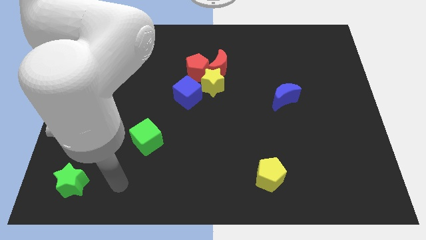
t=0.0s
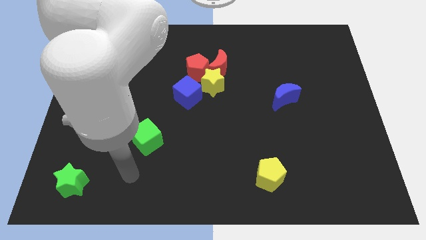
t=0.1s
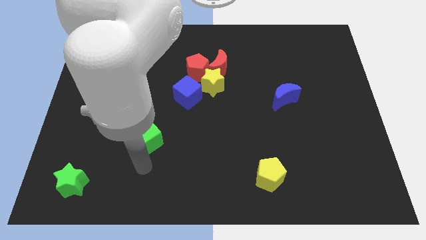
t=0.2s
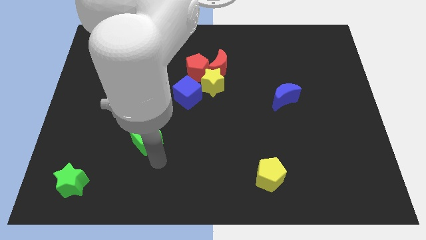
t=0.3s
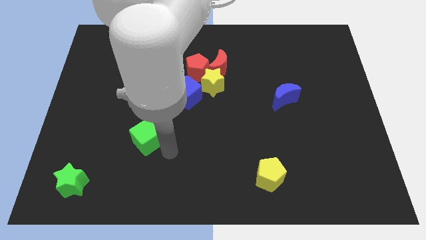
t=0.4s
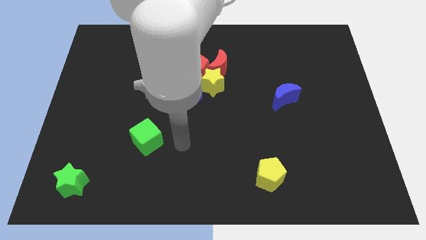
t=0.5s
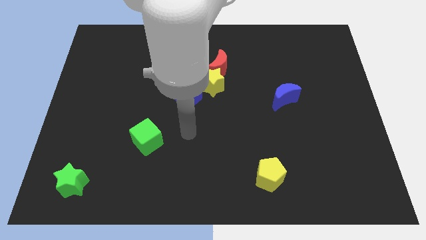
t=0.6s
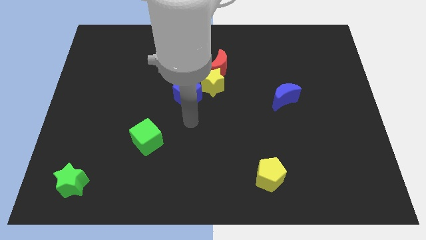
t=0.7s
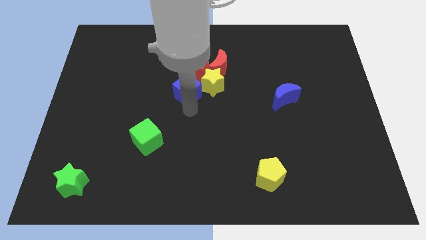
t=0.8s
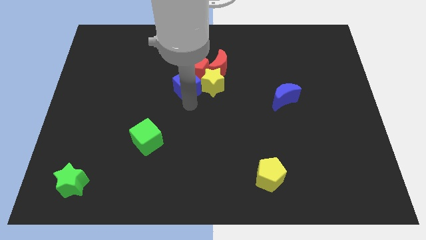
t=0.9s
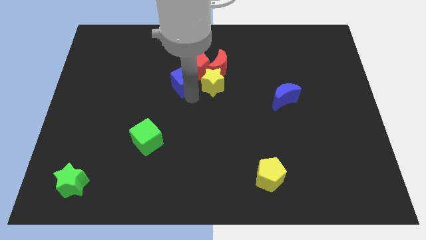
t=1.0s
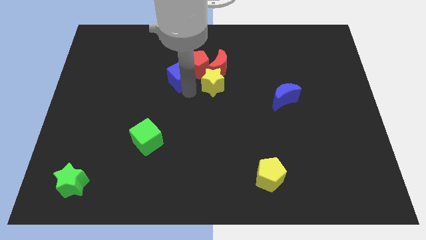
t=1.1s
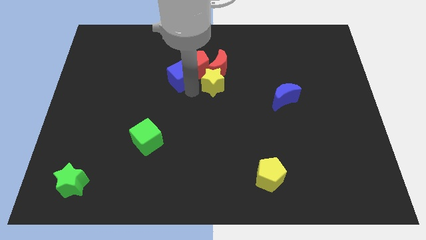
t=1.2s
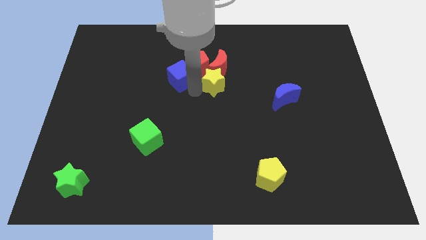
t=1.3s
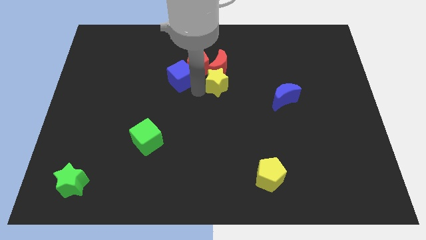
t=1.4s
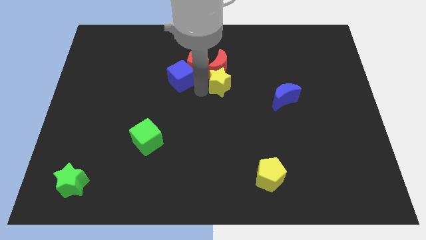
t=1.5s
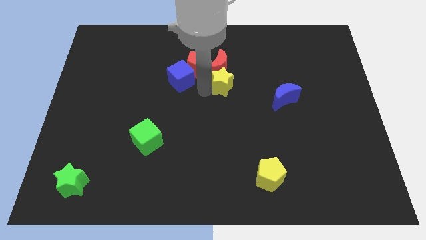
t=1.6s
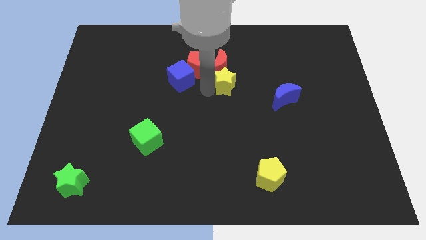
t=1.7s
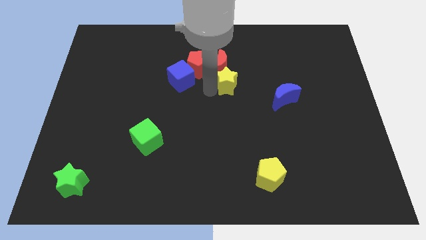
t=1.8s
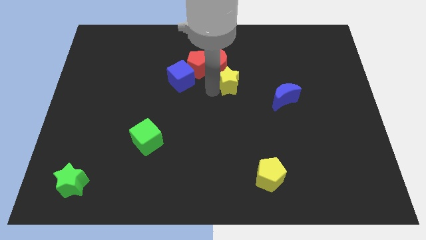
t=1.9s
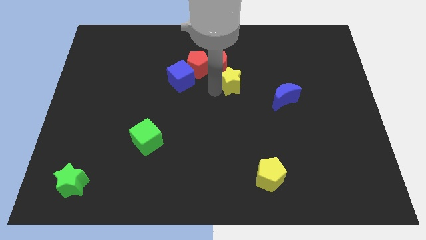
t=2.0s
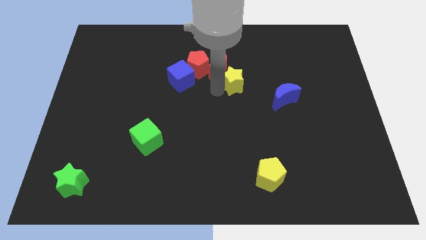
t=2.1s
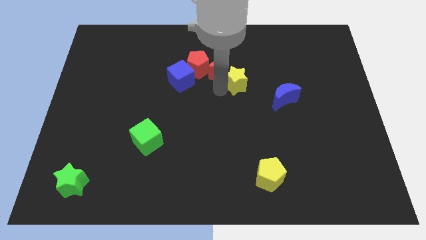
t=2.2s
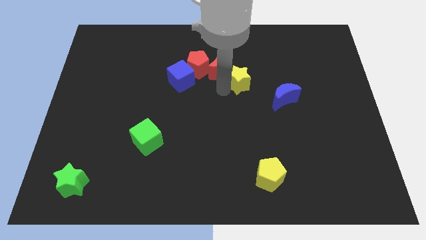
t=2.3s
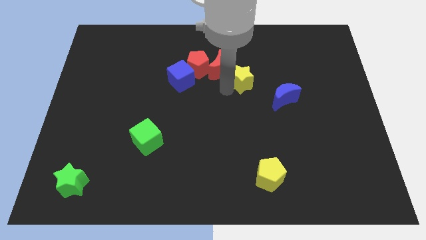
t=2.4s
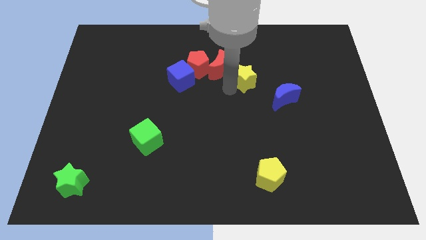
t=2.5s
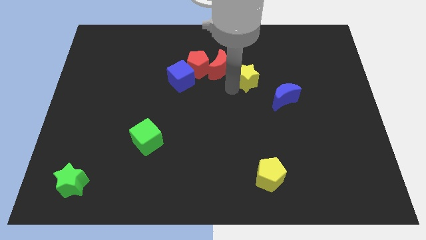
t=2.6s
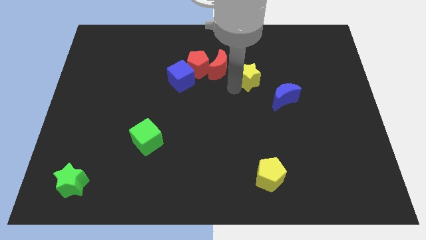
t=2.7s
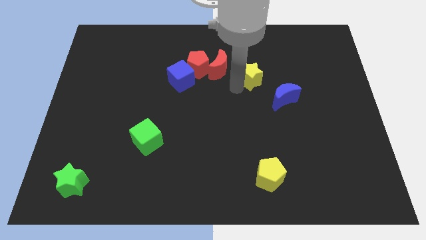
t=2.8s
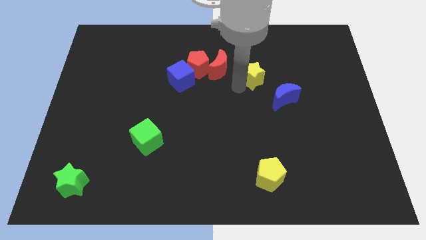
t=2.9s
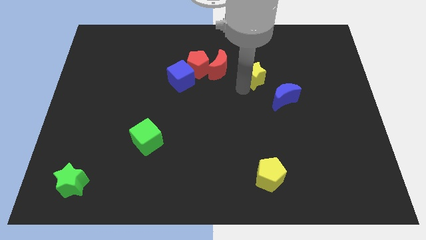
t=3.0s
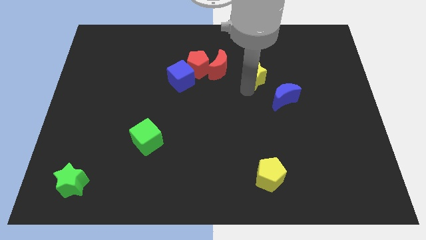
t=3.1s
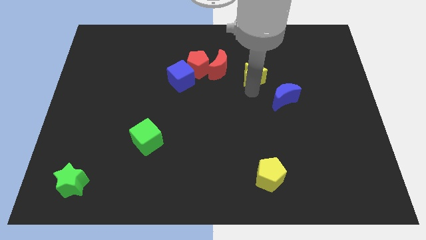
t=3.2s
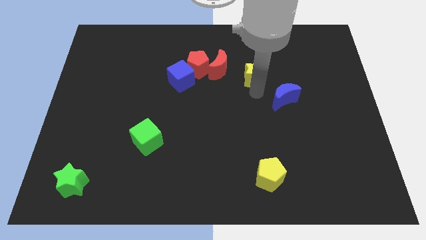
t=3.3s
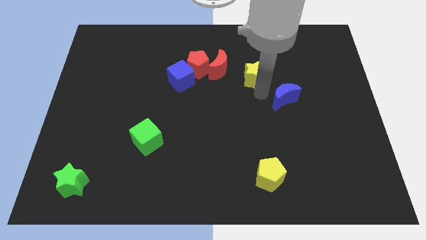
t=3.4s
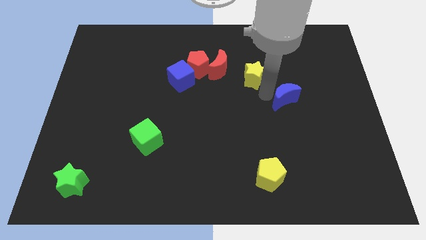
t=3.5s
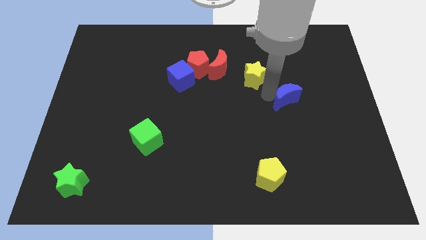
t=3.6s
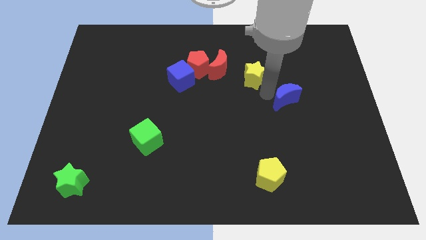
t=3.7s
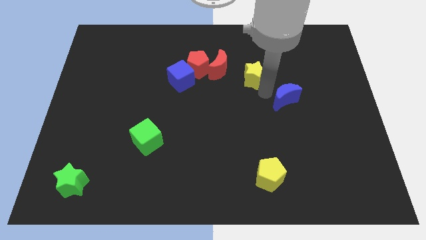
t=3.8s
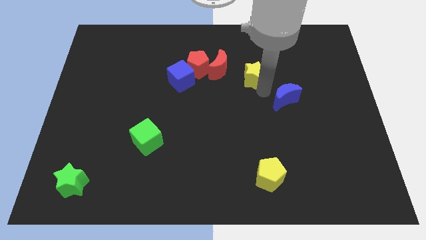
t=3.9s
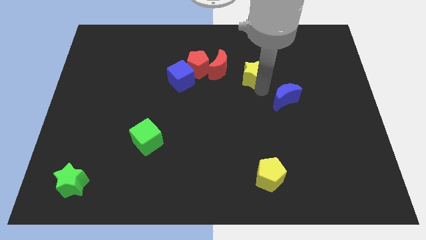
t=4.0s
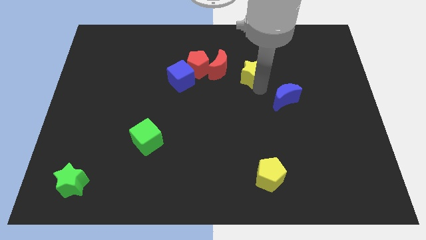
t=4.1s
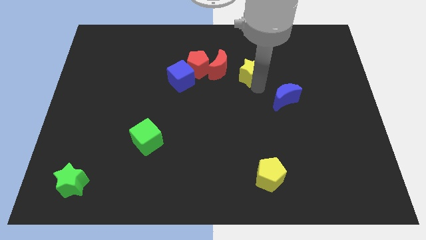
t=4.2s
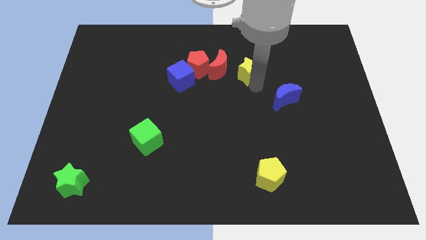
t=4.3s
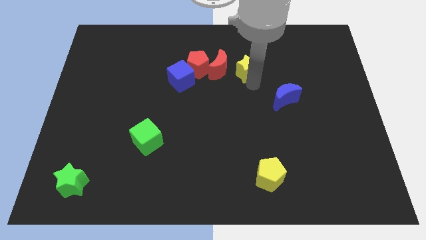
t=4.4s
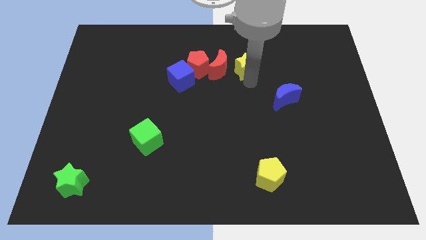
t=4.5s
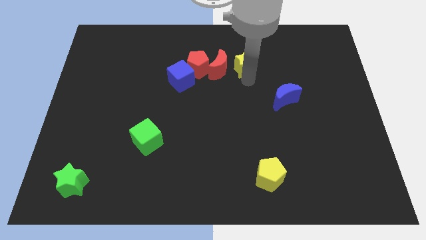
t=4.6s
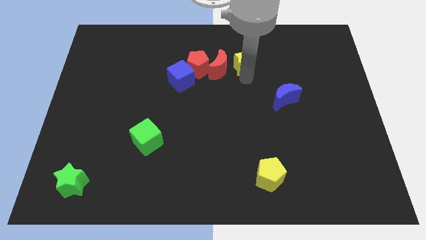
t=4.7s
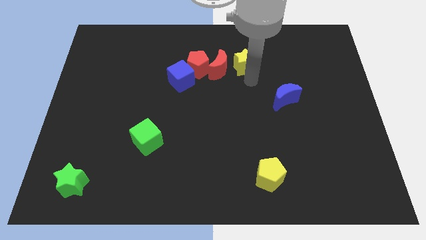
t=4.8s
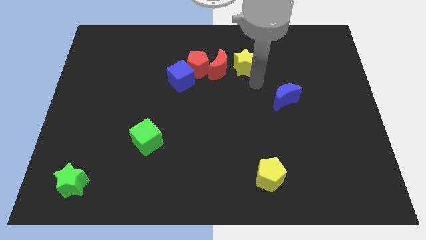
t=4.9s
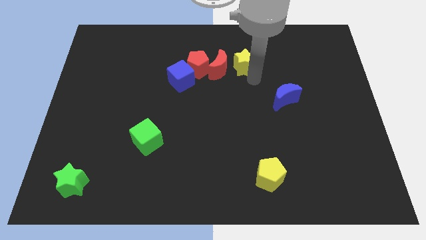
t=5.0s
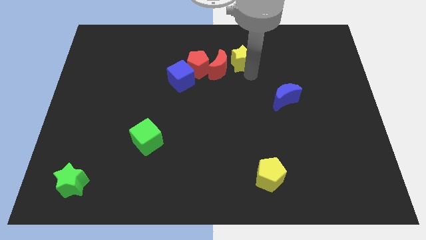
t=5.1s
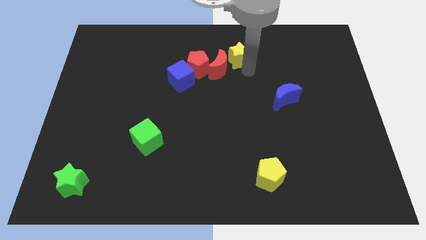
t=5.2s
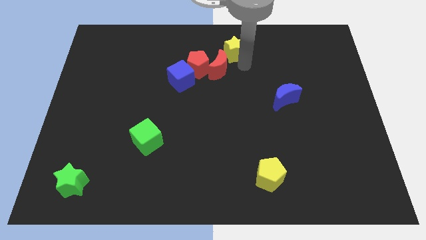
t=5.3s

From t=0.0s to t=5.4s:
slide the yellow star to the towards your base

++++++++++

TASK TO CARRY OUT — Each record must appear again exactly as written above, without its pictures.

ANSWER BOX —
t=0.0s
t=0.1s
t=0.2s
t=0.3s
t=0.4s
t=0.5s
t=0.6s
t=0.7s
t=0.8s
t=0.9s
t=1.0s
t=1.1s
t=1.2s
t=1.3s
t=1.4s
t=1.5s
t=1.6s
t=1.7s
t=1.8s
t=1.9s
t=2.0s
t=2.1s
t=2.2s
t=2.3s
t=2.4s
t=2.5s
t=2.6s
t=2.7s
t=2.8s
t=2.9s
t=3.0s
t=3.1s
t=3.2s
t=3.3s
t=3.4s
t=3.5s
t=3.6s
t=3.7s
t=3.8s
t=3.9s
t=4.0s
t=4.1s
t=4.2s
t=4.3s
t=4.4s
t=4.5s
t=4.6s
t=4.7s
t=4.8s
t=4.9s
t=5.0s
t=5.1s
t=5.2s
t=5.3s

From t=0.0s to t=5.4s:
slide the yellow star to the towards your base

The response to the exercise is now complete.